* **Problem**
Pictures excluded, copy all of the data below exactly.

** Records supplied follows **

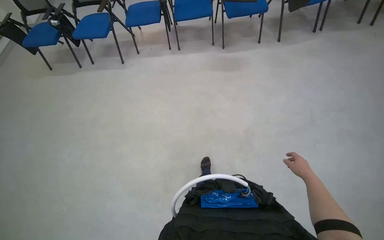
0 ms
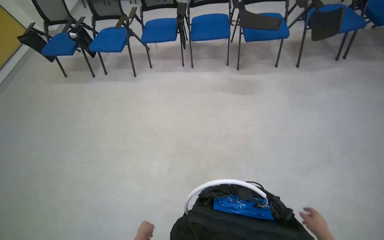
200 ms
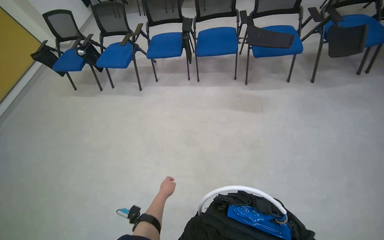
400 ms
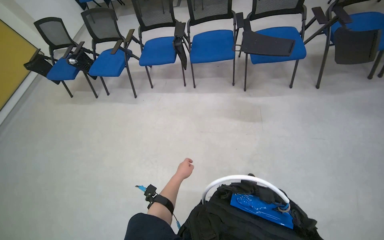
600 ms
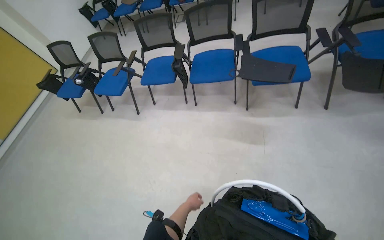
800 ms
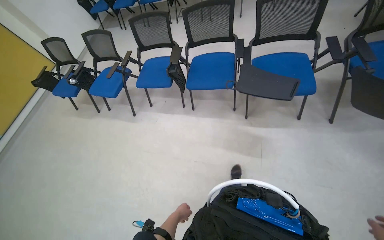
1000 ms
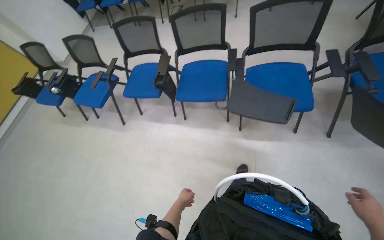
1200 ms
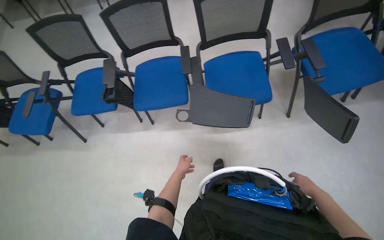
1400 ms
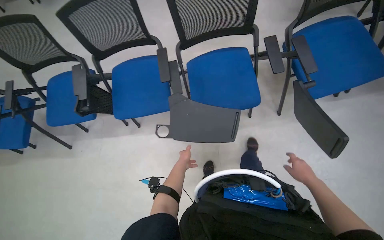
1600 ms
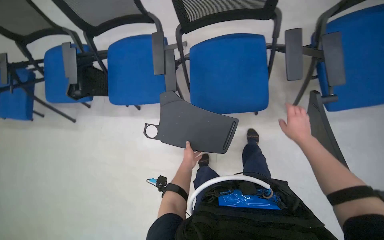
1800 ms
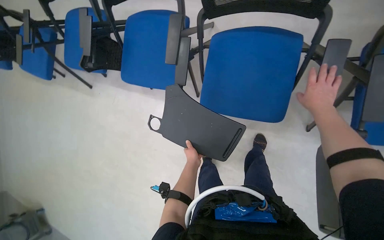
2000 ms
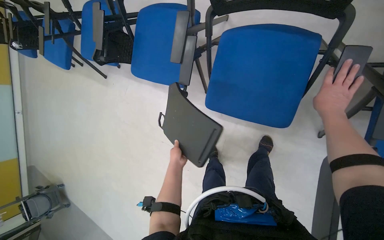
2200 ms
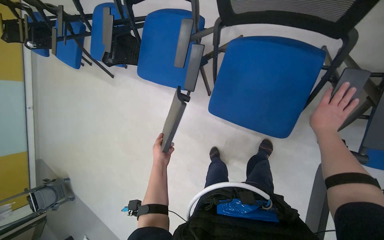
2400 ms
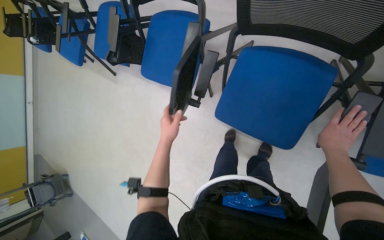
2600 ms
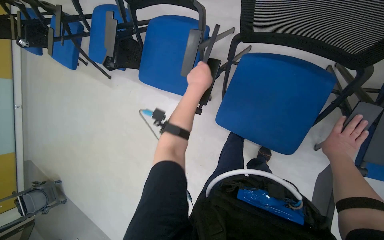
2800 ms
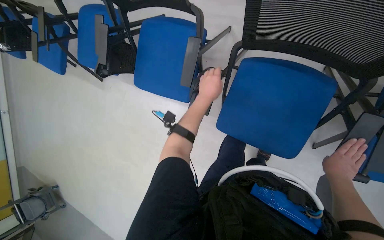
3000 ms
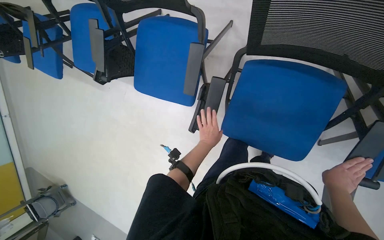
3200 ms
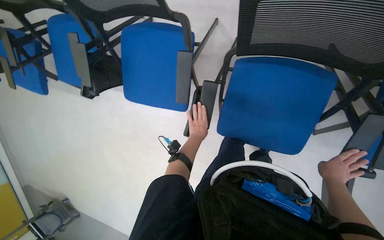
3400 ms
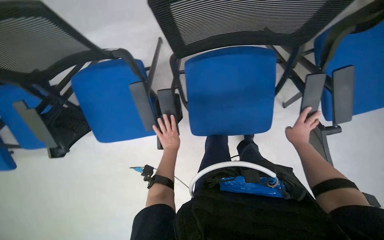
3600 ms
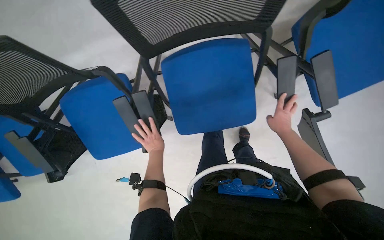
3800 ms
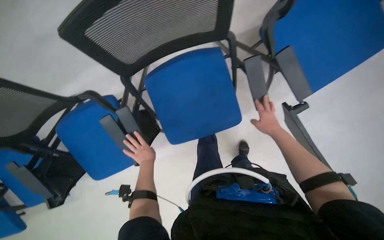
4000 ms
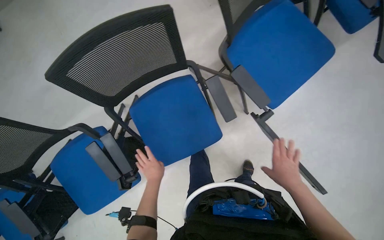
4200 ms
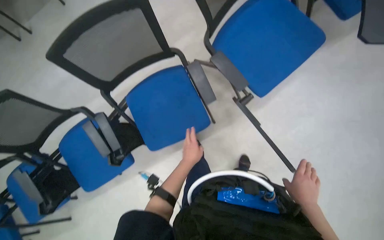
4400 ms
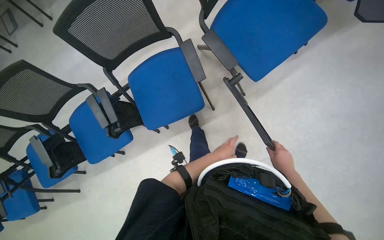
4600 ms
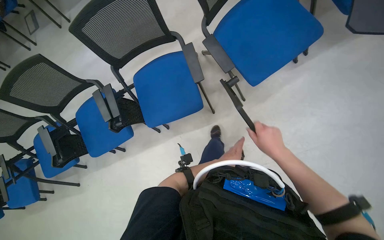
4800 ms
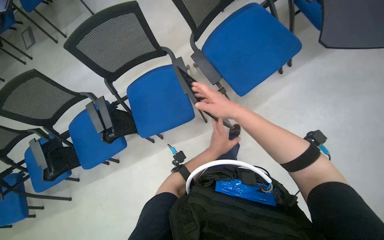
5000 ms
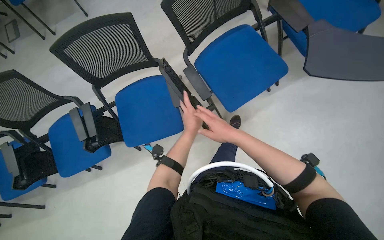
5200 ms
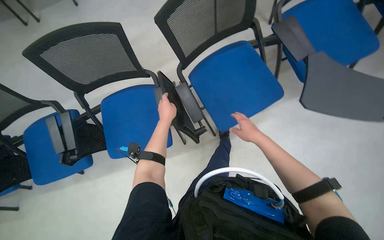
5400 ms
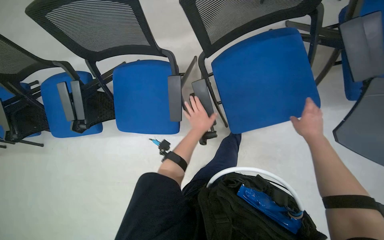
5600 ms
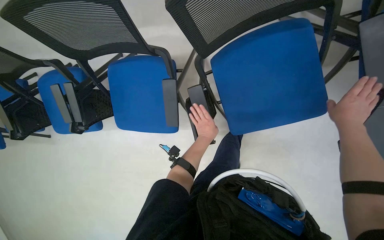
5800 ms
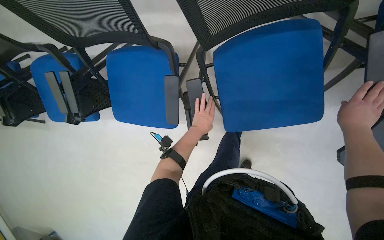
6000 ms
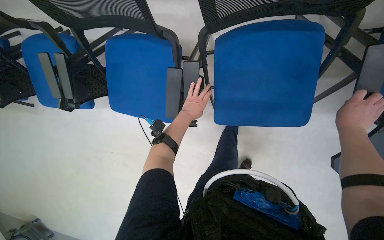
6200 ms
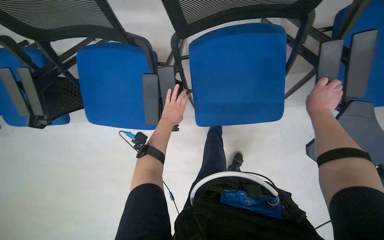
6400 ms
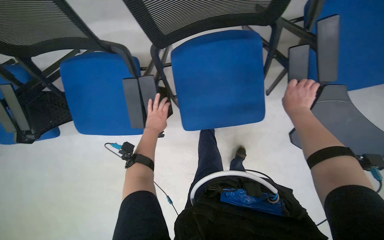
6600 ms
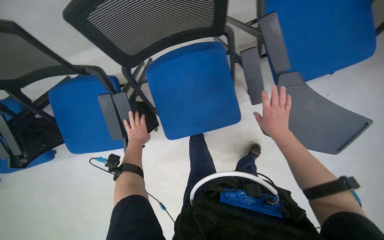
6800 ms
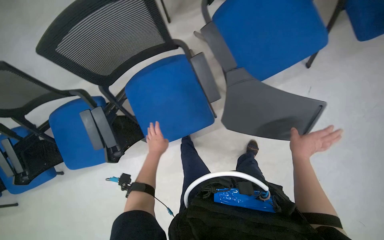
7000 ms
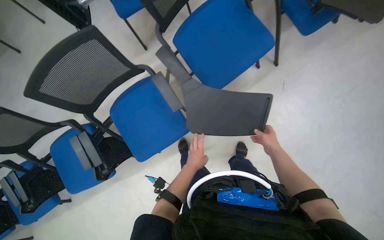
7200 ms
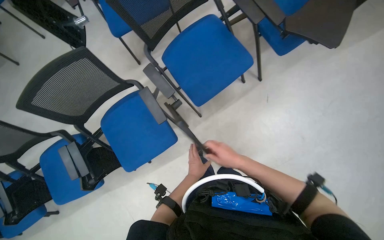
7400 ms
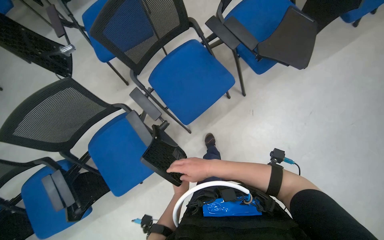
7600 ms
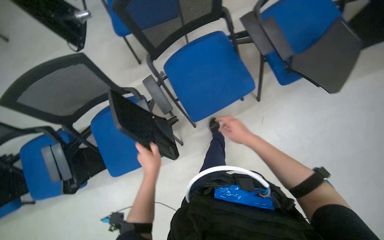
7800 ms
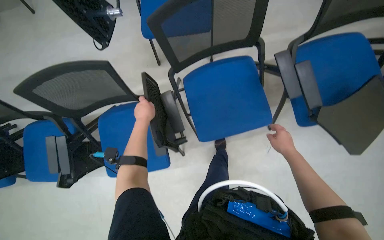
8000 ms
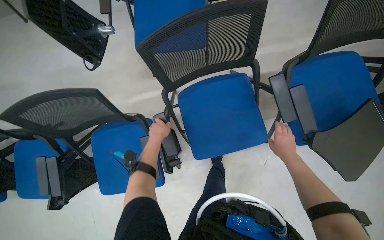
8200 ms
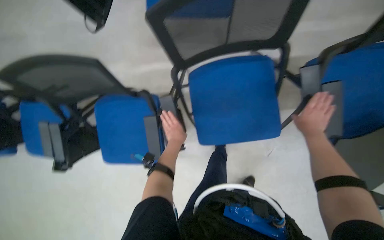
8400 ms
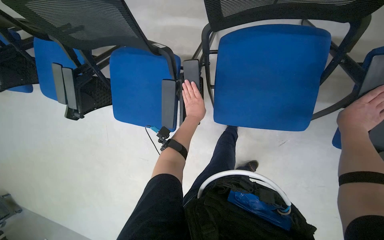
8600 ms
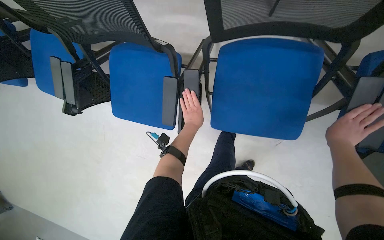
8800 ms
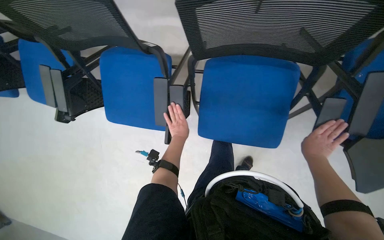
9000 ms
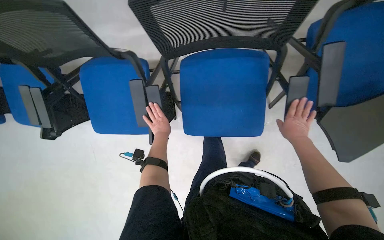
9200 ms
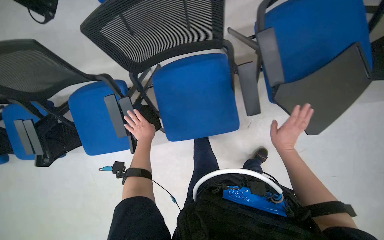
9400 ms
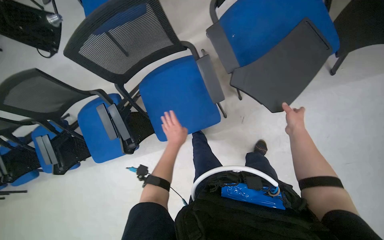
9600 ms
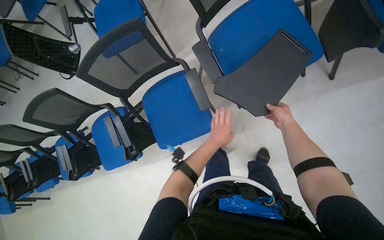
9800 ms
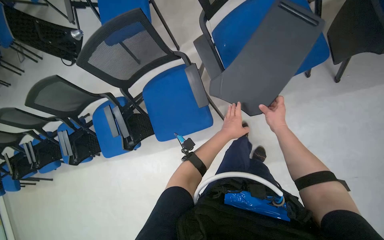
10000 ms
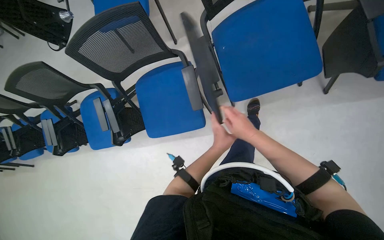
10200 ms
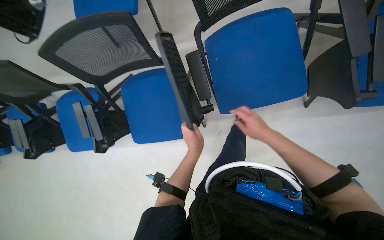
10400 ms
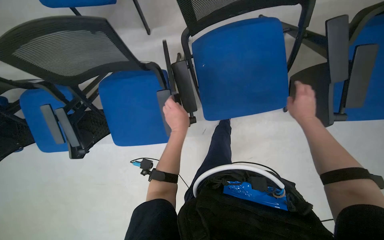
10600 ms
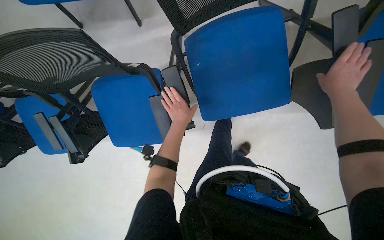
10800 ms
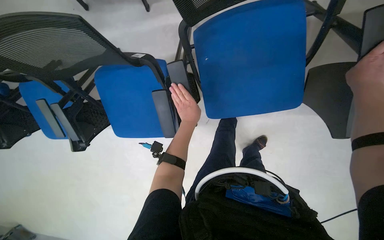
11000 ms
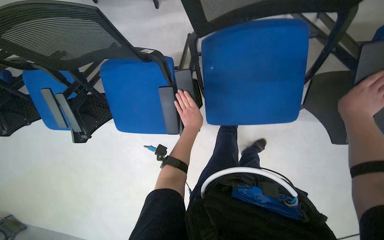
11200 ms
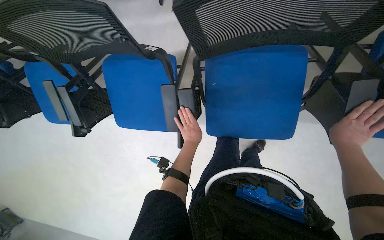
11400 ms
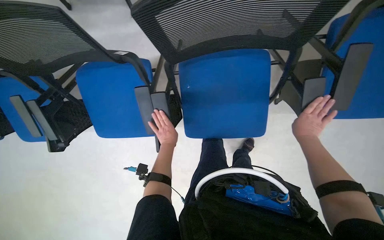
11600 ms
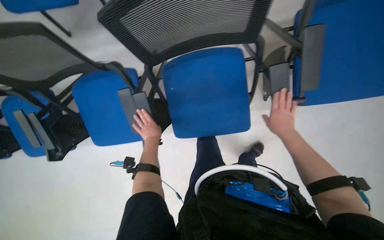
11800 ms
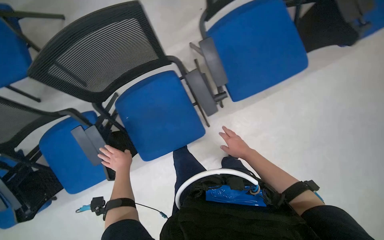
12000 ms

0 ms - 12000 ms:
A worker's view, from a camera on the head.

** End of Records supplied **

* **Written solution**
0 ms
200 ms
400 ms
600 ms
800 ms
1000 ms
1200 ms
1400 ms
1600 ms
1800 ms
2000 ms
2200 ms
2400 ms
2600 ms
2800 ms
3000 ms
3200 ms
3400 ms
3600 ms
3800 ms
4000 ms
4200 ms
4400 ms
4600 ms
4800 ms
5000 ms
5200 ms
5400 ms
5600 ms
5800 ms
6000 ms
6200 ms
6400 ms
6600 ms
6800 ms
7000 ms
7200 ms
7400 ms
7600 ms
7800 ms
8000 ms
8200 ms
8400 ms
8600 ms
8800 ms
9000 ms
9200 ms
9400 ms
9600 ms
9800 ms
10000 ms
10200 ms
10400 ms
10600 ms
10800 ms
11000 ms
11200 ms
11400 ms
11600 ms
11800 ms
12000 ms

0 ms - 12000 ms:
A worker's view, from a camera on the head.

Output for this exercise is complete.